The gene_prediction file only has 3297 pasa models.

[earlm1@login3 predict_misc]$ cat gene_predictions.gff3 | grep pasa | grep gene | wc -l
3297

If this is just the old behavior and the new version changes it, let me know and I'll just suck it up and update.

As for the other predictors: I'm expecting something like 15K loci although there are no close relatives sequenced. Yeah the genmark/glimmer/snap predictions are primarily fragmented and there are a ton out in heterochromatin desert with no functional annotations, so I'm guessing they are erroneous. I haven't spent much time seeing if I can get glimmer or snap to perform better. Augustus seem to look really good for everything that has RNA. I might take a stab at it for my next annotations for this group.

Thanks, Earl

nextgenusfs commented 4 years ago

I will have to look at the code in 1.7.4 -- but if that's what it is doing than sounds like a bug as that was not the intention. Let me ensure it's working the way i said it was in master. I'm trying to get a new release out shortly just testing on a few larger genomes before tagging a new release.

nextgenusfs commented 4 years ago

I don't see any obvious changes in v1.7 or 1.7.4 as it relates to processing the PASA input GFF3 files and passing to EVM.... so this must mean its still a bug. I'll dig into it now and see if I can figure it out.

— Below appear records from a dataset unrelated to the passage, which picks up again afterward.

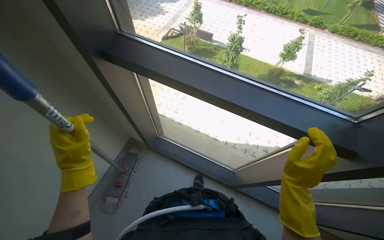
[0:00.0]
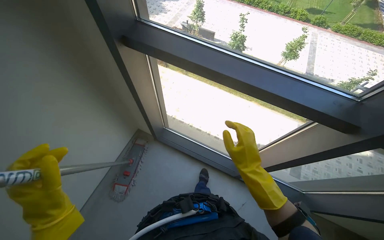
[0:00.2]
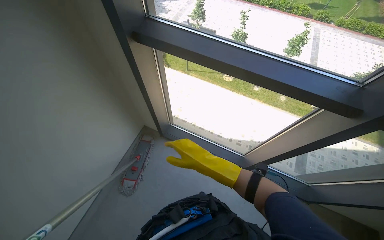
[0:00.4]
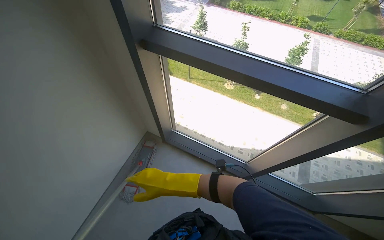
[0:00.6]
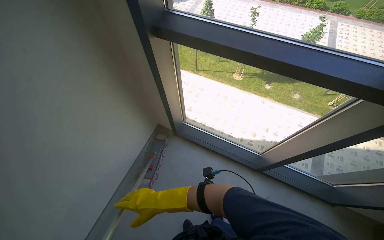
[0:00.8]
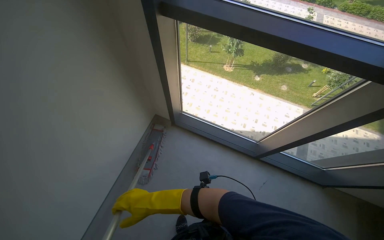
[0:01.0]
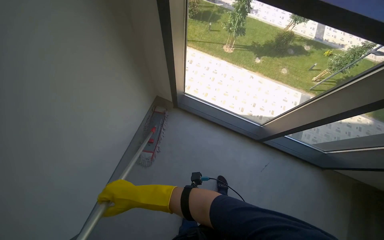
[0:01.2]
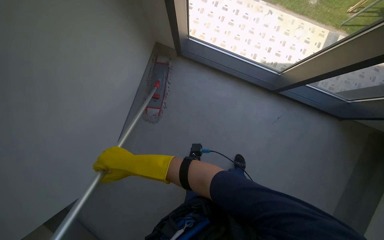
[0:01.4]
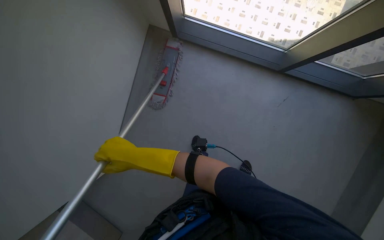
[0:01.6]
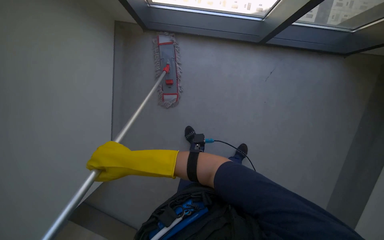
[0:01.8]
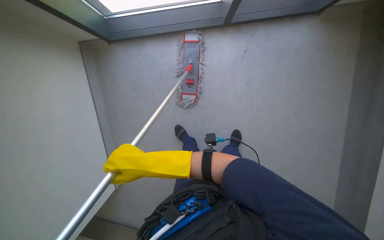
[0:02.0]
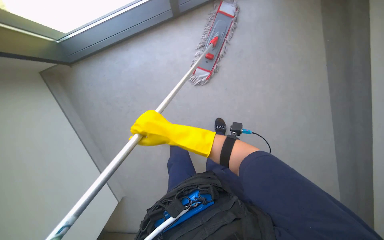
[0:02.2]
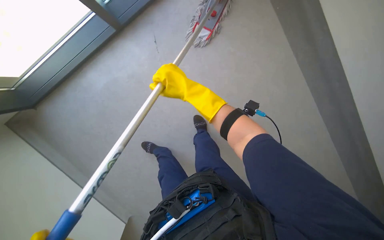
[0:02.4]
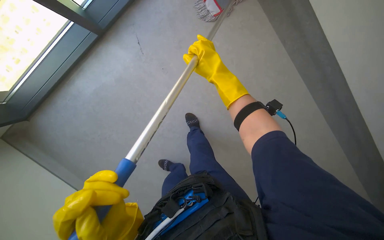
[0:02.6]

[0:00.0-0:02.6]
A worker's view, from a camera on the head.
Job: mopping floor.
The whole recording: Mopping floor. The worker mops the floor, periodically wringing the mop in a bucket.
0.0 to 1.2 s: The right hand shifts some 80 cm to the left and down the picture.
1.2 to 2.6 s: The wearer looks approximately 35 degrees further to the left. The wearer looks about 50 degrees further downward.

EarlyEvol commented 4 years ago

I just looked at logs from 2 other genomes. EVM got passed the larger "best" PASA models, not just the augustus training set. Must be something weird. I'm completely rerunning predict now. Thanks for spending time on this.

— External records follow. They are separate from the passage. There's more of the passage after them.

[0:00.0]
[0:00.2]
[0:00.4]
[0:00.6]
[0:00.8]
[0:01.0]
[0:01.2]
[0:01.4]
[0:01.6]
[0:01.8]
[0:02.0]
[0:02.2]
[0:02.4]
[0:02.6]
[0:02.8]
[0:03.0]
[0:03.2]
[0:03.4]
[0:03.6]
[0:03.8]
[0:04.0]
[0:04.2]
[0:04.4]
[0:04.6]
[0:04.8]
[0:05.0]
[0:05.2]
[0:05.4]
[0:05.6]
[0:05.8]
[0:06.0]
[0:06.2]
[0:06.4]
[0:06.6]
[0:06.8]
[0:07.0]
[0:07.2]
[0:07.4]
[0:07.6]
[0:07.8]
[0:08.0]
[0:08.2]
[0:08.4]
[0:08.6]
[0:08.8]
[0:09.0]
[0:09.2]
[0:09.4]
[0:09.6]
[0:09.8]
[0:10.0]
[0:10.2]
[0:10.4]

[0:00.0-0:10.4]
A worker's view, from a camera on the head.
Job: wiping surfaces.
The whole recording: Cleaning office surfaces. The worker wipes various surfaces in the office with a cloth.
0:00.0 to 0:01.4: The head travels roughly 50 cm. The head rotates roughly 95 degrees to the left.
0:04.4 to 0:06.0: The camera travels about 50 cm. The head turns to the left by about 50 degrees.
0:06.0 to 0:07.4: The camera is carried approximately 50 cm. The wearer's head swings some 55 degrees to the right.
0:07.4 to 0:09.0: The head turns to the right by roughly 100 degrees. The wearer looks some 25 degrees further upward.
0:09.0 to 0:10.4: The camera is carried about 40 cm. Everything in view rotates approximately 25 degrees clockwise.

nextgenusfs commented 4 years ago

I think I found the bug in the current code -- pushing a change now. It might have only shown up on a re-run of predict.

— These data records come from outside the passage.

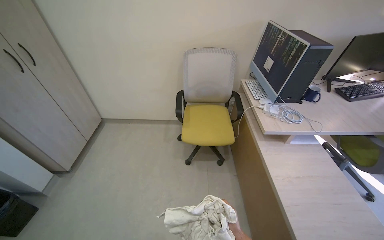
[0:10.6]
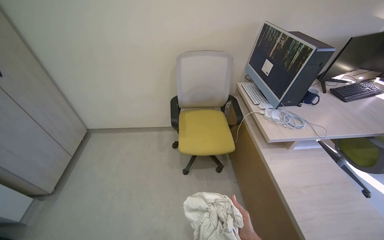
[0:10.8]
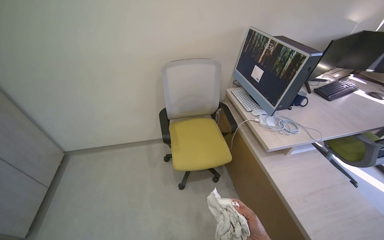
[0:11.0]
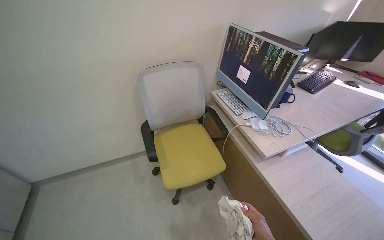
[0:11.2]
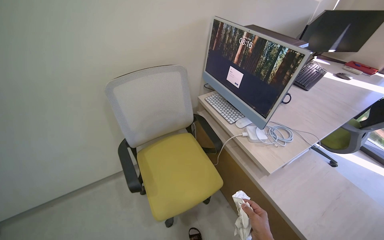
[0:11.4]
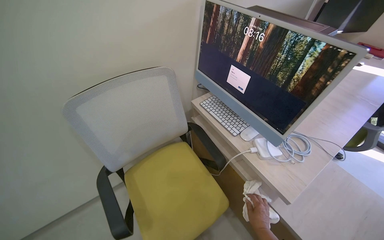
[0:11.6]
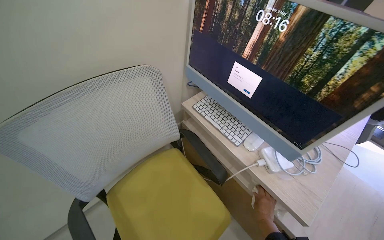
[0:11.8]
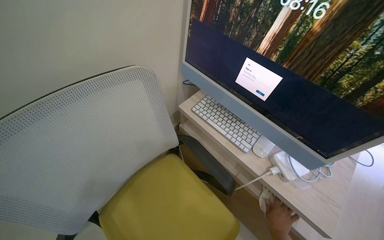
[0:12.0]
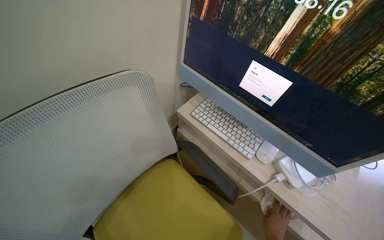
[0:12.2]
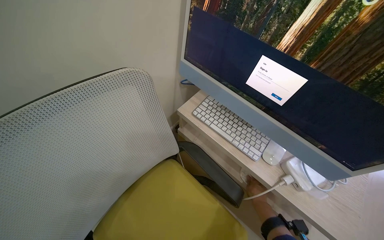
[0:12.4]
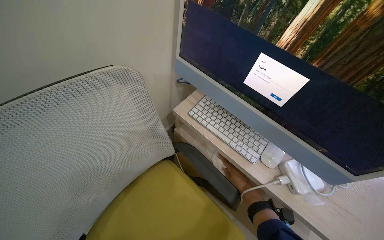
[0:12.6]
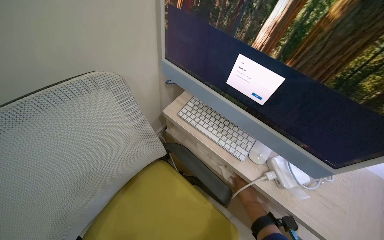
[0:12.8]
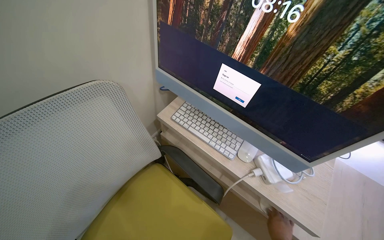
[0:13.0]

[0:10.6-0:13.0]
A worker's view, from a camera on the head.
Job: wiping surfaces.
The whole recording: Cleaning office surfaces. The worker wipes various surfaces in the office with a cloth.
0:10.6 to 0:11.8: The camera is carried approximately 90 cm. The wearer looks approximately 40 degrees further to the right.

EarlyEvol commented 4 years ago

NIce! glad you found it. That makes sense, I first attempted to run train and predict together. It got killed at some point within predict and I restarted. I think I deleted the incomplete intermediates, but left most of predict_misc.

nextgenusfs commented 4 years ago

Let me know if a fresh run results in the same problem -- if it does lets look specifically at the version you are running and perhaps I can just tell you which line to comment out if you don't want to upgrade. Generally I would recommend upgrading always -- but I realize you want to be consistent especially if doing some comparisons between genomes.

EarlyEvol commented 4 years ago

Jon, Sorry for the delayed response, I got distracted trying to move stuff over to a new compute cluster. On the rerun, predict with no intermediates, still just sent the PASA training models to EVM. Not sure what the difference was for this assembly vs. the others I have annotated. I checked out your recent commits and it looked like I needed to comment out lines 1298 and 1299. That did the trick! Thanks for checking this out for me! Earl

nextgenusfs commented 4 years ago

Great Earl -- thanks for following up. Yes it looks like those two lines on a re-run were basically over-writing the input PASA to the PASA-training set.